Oh no!! LOL reminds me of when my youngest daughter was about the same age and pick up some rabbit poop before I could stop her and said...look Mommie...M & M s!! Caught her before she ate one.


----------



## HavaneseSoon (Nov 4, 2008)

Thanks for the chuckle. :biggrin1:


----------



## Cailleach (Jan 30, 2010)

ound:


----------



## Suzi (Oct 27, 2010)

Luciledodd said:


> My DIL called all upset. She is dog sitting for her neighbor and littlest grandson is not quite two years old. She had the older girls off at a neighbors and she and the dog and John Patrick were in the fenced back yard. She had poured her coffee and was reading the newspaper where she heard John Patrick say "cookie". Of course it was dog poo that had been stepped in and flatened out. DIL freaked, baby boy spit it out and well you can imagine. Poor child, she washed out his mouth, brushed his teeth and then started calling her mother, then me. Her mother only had little girls who never got dirty, so she didn't know what to do. I couldn't help but laugh. Bet the little one won't eat cookies off the ground again.

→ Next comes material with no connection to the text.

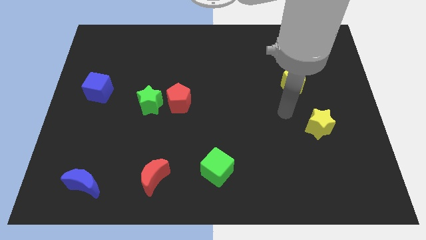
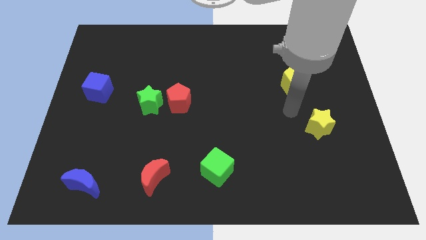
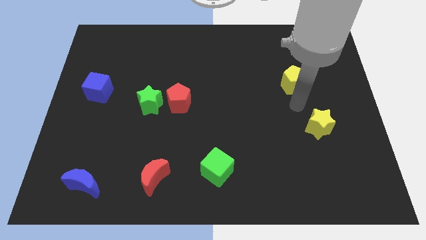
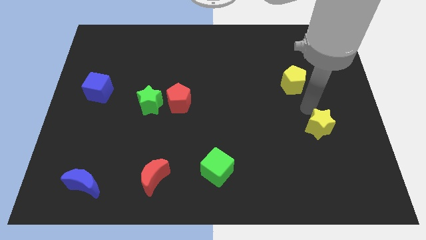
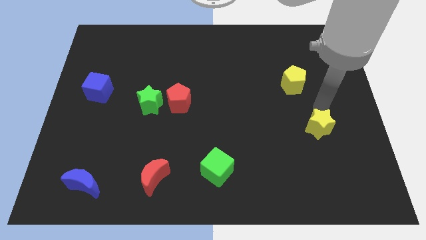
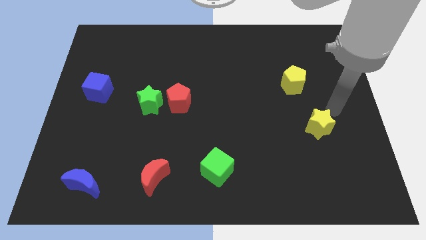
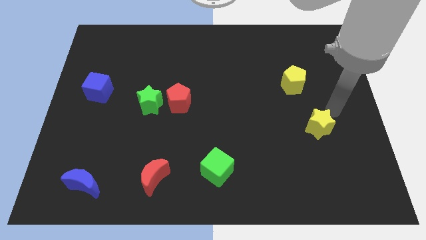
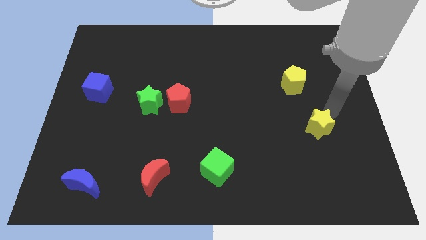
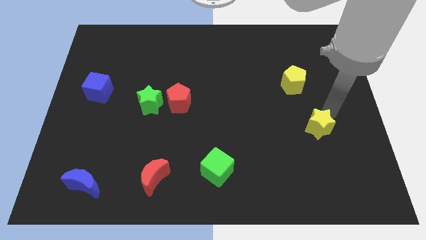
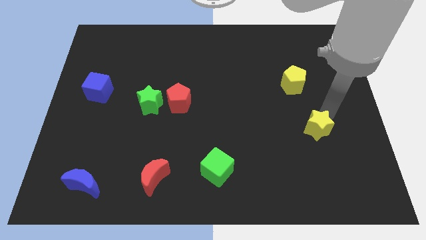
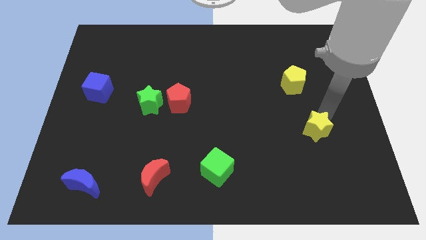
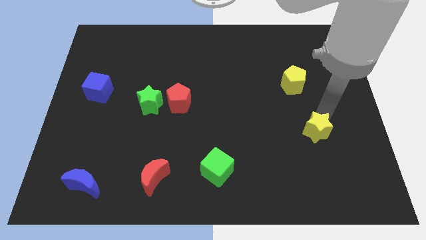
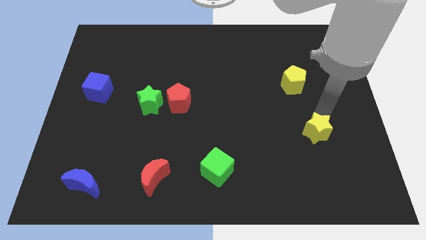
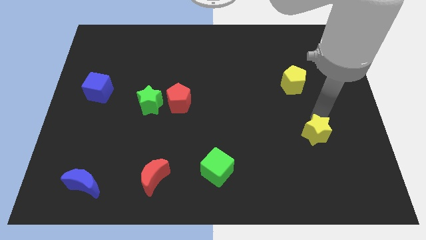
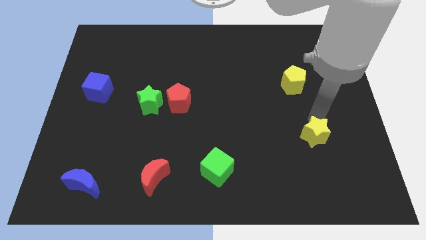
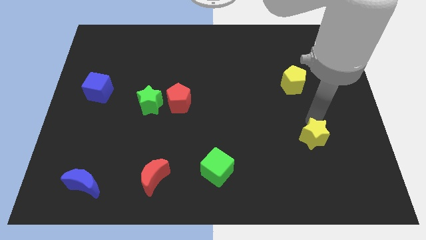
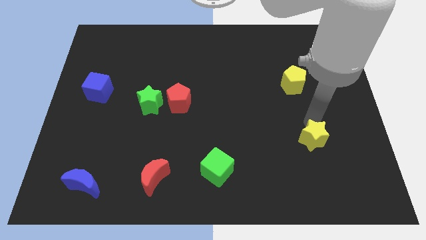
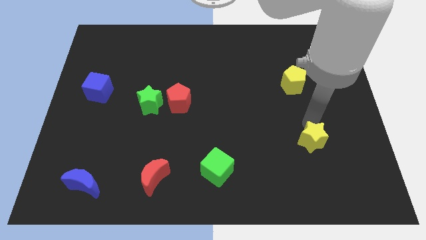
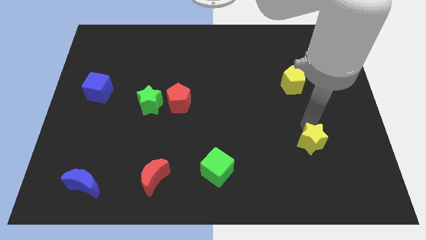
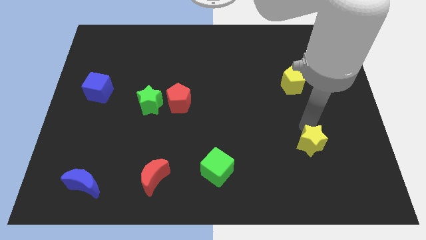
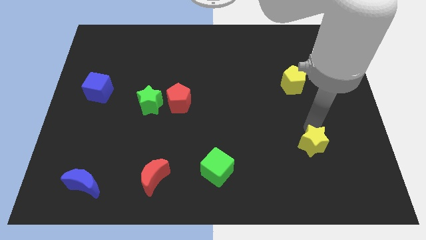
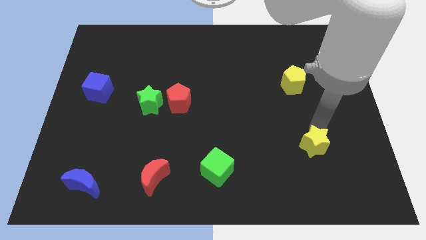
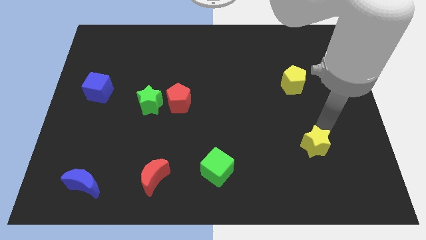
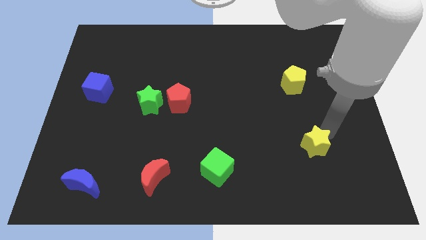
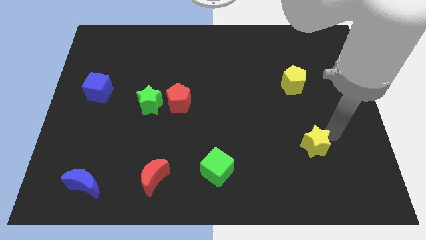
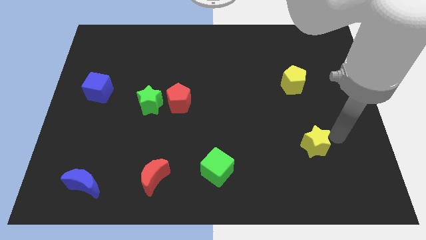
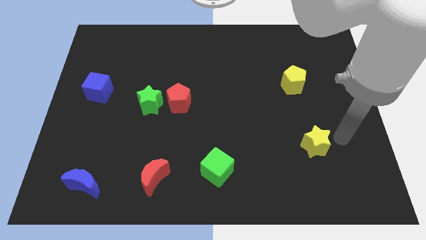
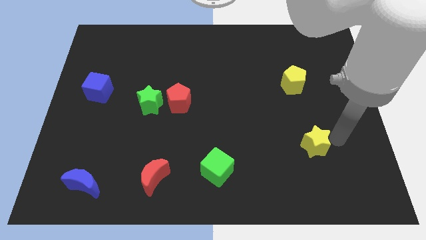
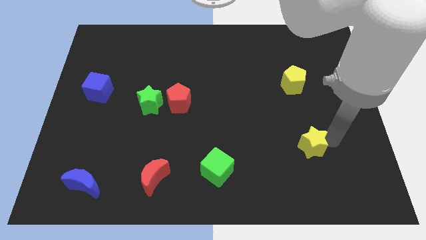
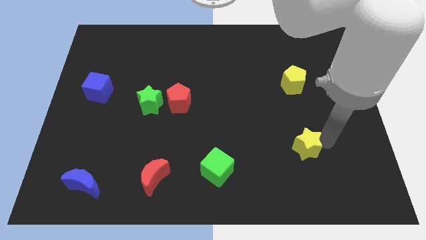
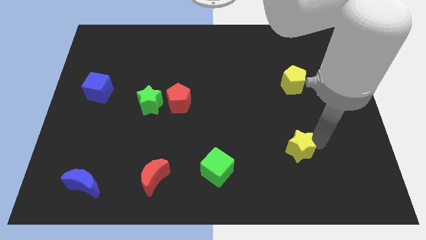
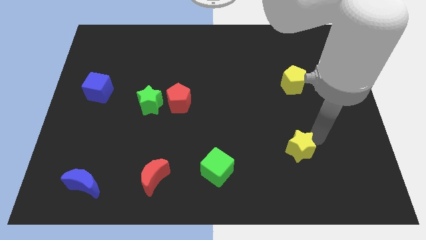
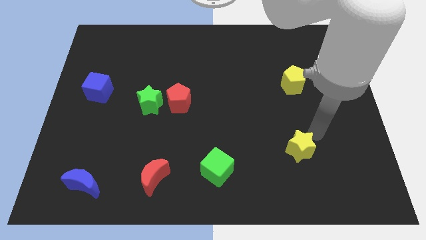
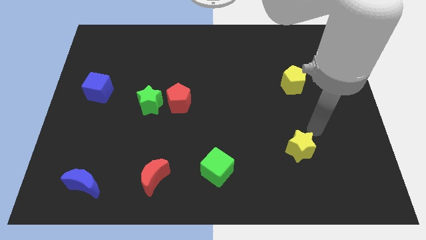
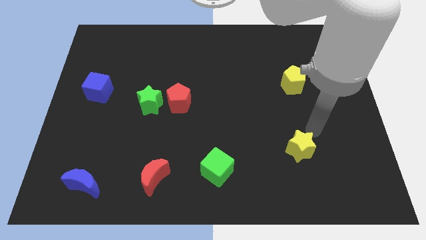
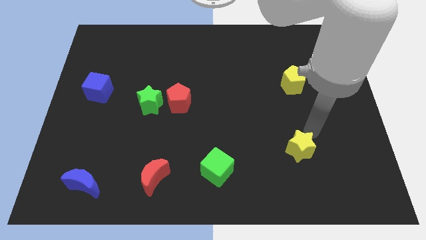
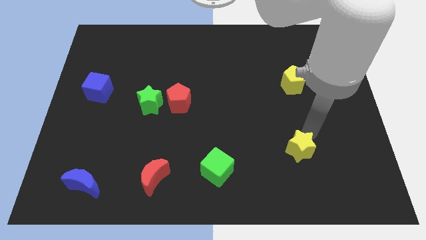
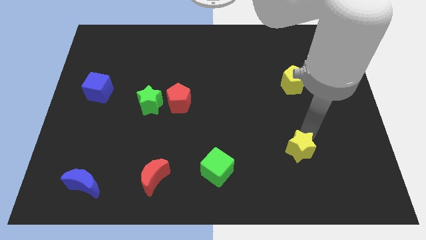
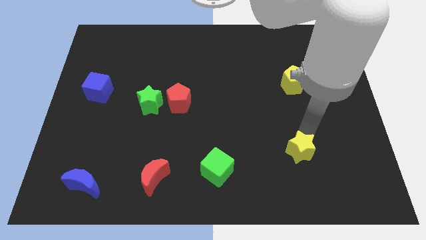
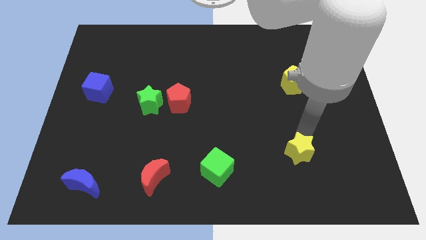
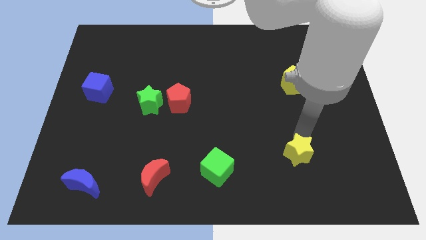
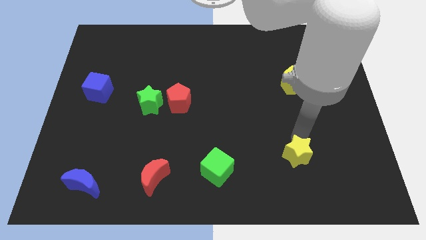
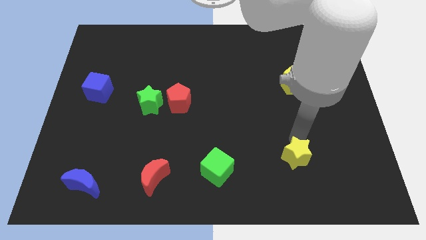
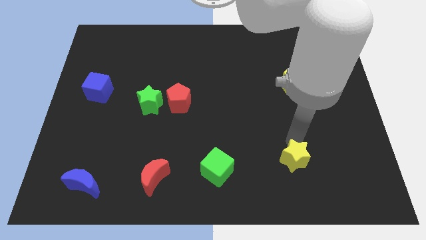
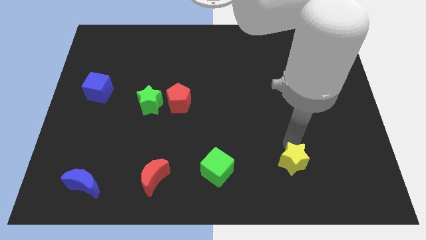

Oh yes, she even called her sister who works the ER and told her to ask the DR what to do. Rearing little boys is so much fun!


 Oh my yuck! Lucile what is a DIL? I just started a new job and everything is abbreviated its like learning a foreign language. I asked if they could type me a list with what they all mean.


----------



## Luciledodd (Sep 5, 2009)

Daughter in Law and the best one in the whole US, But fanatically clean.


----------